%%

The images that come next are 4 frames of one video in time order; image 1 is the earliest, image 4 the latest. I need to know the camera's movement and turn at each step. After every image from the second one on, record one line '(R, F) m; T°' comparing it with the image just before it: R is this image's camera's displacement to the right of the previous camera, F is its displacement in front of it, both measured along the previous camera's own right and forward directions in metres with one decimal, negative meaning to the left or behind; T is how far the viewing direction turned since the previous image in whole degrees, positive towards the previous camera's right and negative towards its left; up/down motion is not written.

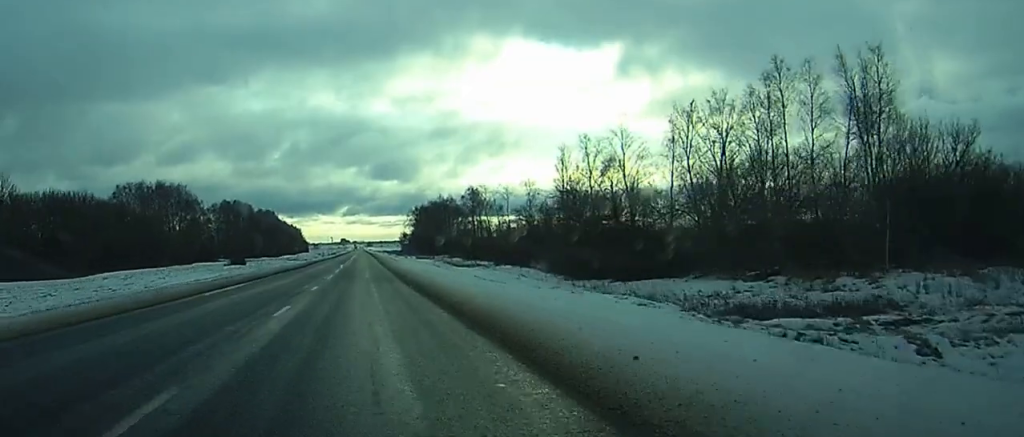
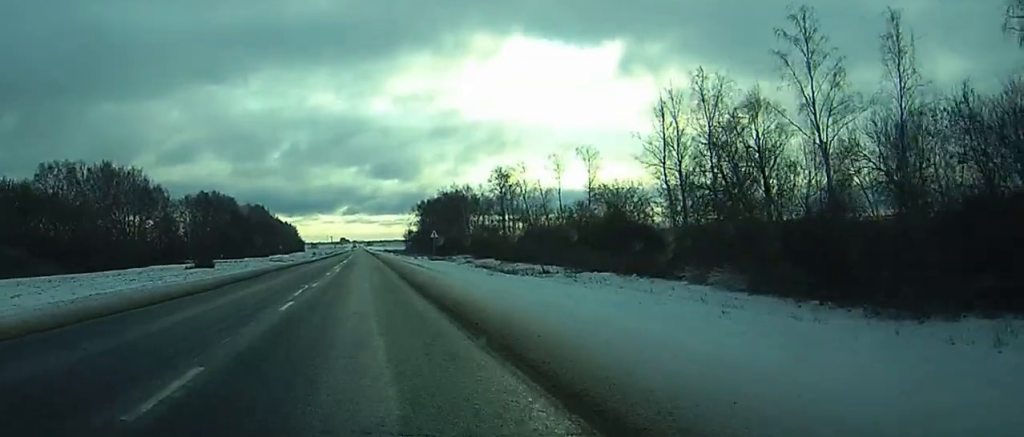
(+0.1, +46.5) m; 0°
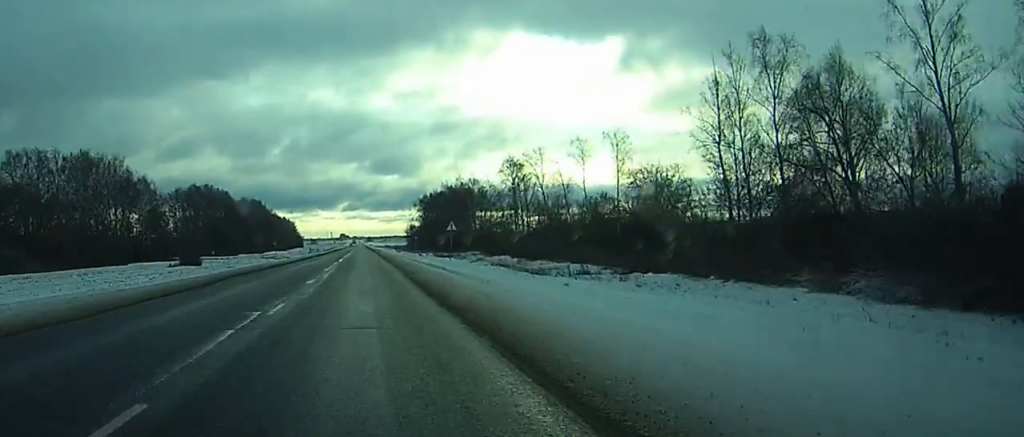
(0.0, +14.3) m; 0°
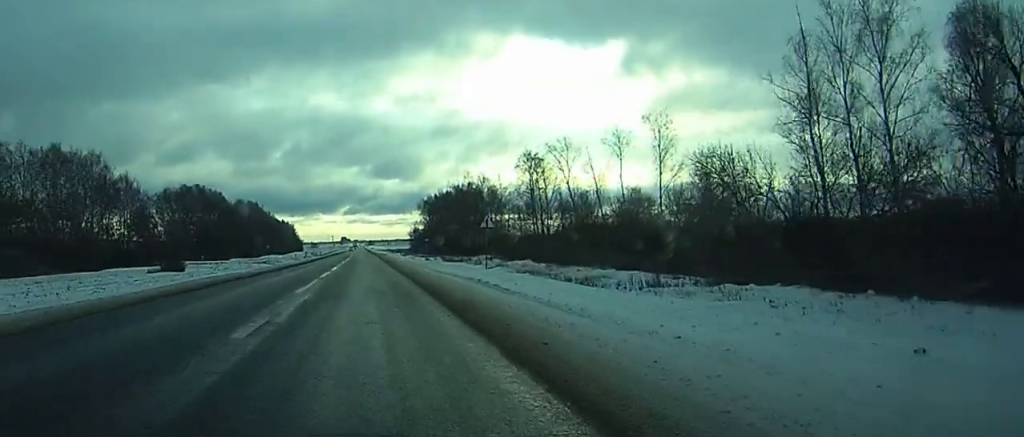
(0.0, +16.2) m; 0°
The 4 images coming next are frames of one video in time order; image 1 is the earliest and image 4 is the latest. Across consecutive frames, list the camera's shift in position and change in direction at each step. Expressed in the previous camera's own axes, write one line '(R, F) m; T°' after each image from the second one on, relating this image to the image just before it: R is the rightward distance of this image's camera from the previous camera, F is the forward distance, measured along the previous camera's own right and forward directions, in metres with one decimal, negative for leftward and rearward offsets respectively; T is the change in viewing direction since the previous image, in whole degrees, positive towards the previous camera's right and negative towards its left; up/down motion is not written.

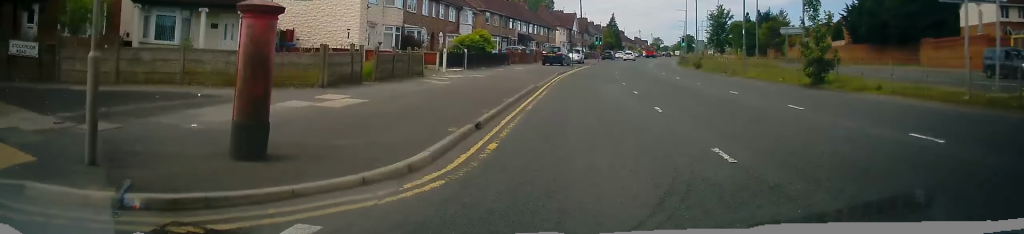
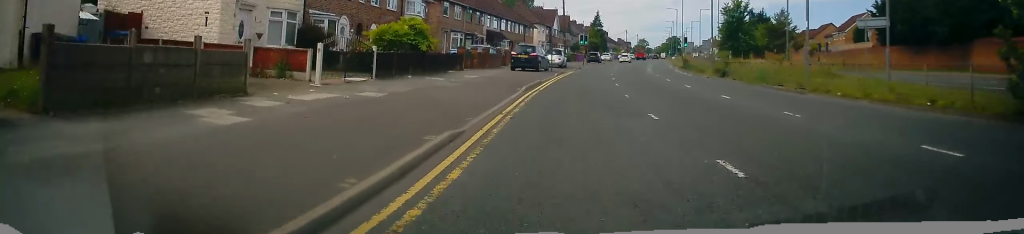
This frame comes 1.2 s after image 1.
(-0.2, +13.1) m; -2°
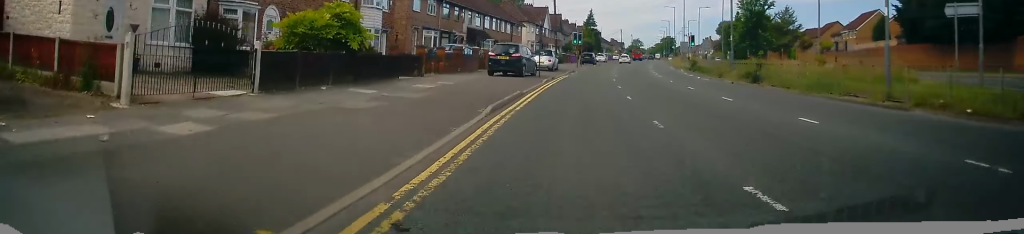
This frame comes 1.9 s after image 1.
(0.0, +7.5) m; +2°
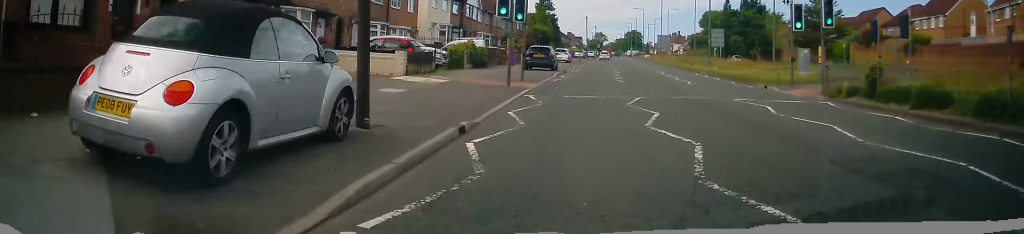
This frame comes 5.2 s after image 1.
(+3.0, +36.9) m; +7°
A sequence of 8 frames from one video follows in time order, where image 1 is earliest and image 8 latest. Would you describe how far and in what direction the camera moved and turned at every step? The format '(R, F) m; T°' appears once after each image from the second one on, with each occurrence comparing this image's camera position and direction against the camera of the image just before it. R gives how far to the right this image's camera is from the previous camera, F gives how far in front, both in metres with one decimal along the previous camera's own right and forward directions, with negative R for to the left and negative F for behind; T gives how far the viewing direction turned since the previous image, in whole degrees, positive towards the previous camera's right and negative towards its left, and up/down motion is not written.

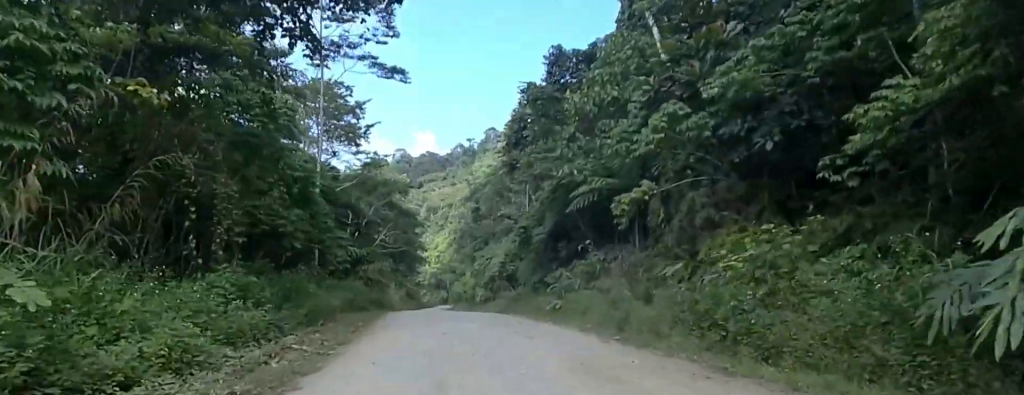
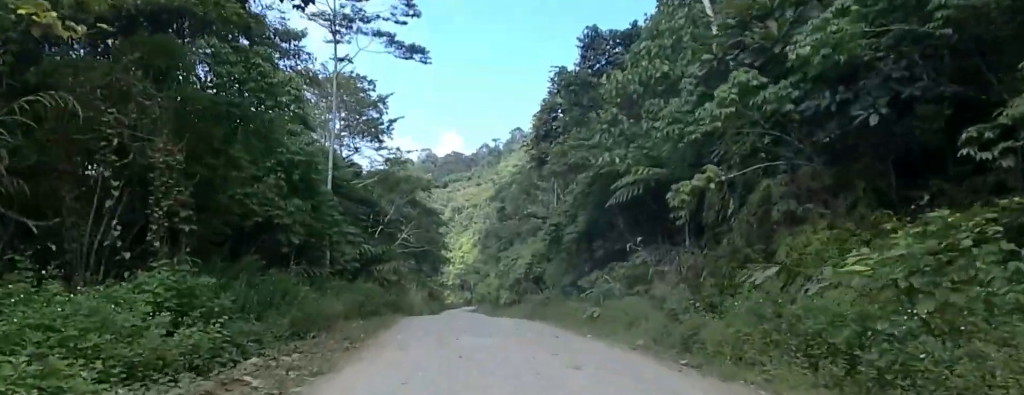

%%

_HOW TO COMPLETE THIS TASK_: Copy all of the material word for word, and include none of its pictures.

_RESULT BELOW_:
The images that come next are 4 frames of one video in time order; image 1 is the earliest, image 4 the latest. I need to know the camera's movement and turn at each step. After every image from the second one on, record one line '(R, F) m; T°' comparing it with the image just before it: R is this image's camera's displacement to the right of the previous camera, F is its displacement in front of it, both measured along the previous camera's own right and forward directions in metres with one decimal, negative meaning to the left or behind; T is how far the viewing direction turned since the previous image in whole degrees, positive towards the previous camera's right and negative towards its left; up/down motion is not written.

(+0.1, +46.5) m; 0°
(0.0, +14.3) m; 0°
(0.0, +16.2) m; 0°
The 4 images coming next are frames of one video in time order; image 1 is the earliest and image 4 is the latest. Across consecutive frames, list the camera's shift in position and change in direction at each step. Expressed in the previous camera's own axes, write one line '(R, F) m; T°' after each image from the second one on, relating this image to the image just before it: R is the rightward distance of this image's camera from the previous camera, F is the forward distance, measured along the previous camera's own right and forward directions, in metres with one decimal, negative for leftward and rearward offsets respectively; T is the change in viewing direction since the previous image, in whole degrees, positive towards the previous camera's right and negative towards its left; up/down motion is not written.

This frame comes 1.2 s after image 1.
(-0.2, +13.1) m; -2°
This frame comes 1.9 s after image 1.
(0.0, +7.5) m; +2°
This frame comes 5.2 s after image 1.
(+3.0, +36.9) m; +7°
A sequence of 8 frames from one video follows in time order, where image 1 is earliest and image 8 latest. Would you describe how far and in what direction the camera moved and turned at every step? The format '(R, F) m; T°' appears once after each image from the second one on, with each occurrence comparing this image's camera position and direction against the camera of the image just before it. R gives how far to the right this image's camera is from the previous camera, F gives how far in front, both in metres with one decimal along the previous camera's own right and forward directions, with negative R for to the left and negative F for behind; T gives how far the viewing direction turned since the previous image, in whole degrees, positive towards the previous camera's right and negative towards its left, and up/down motion is not written.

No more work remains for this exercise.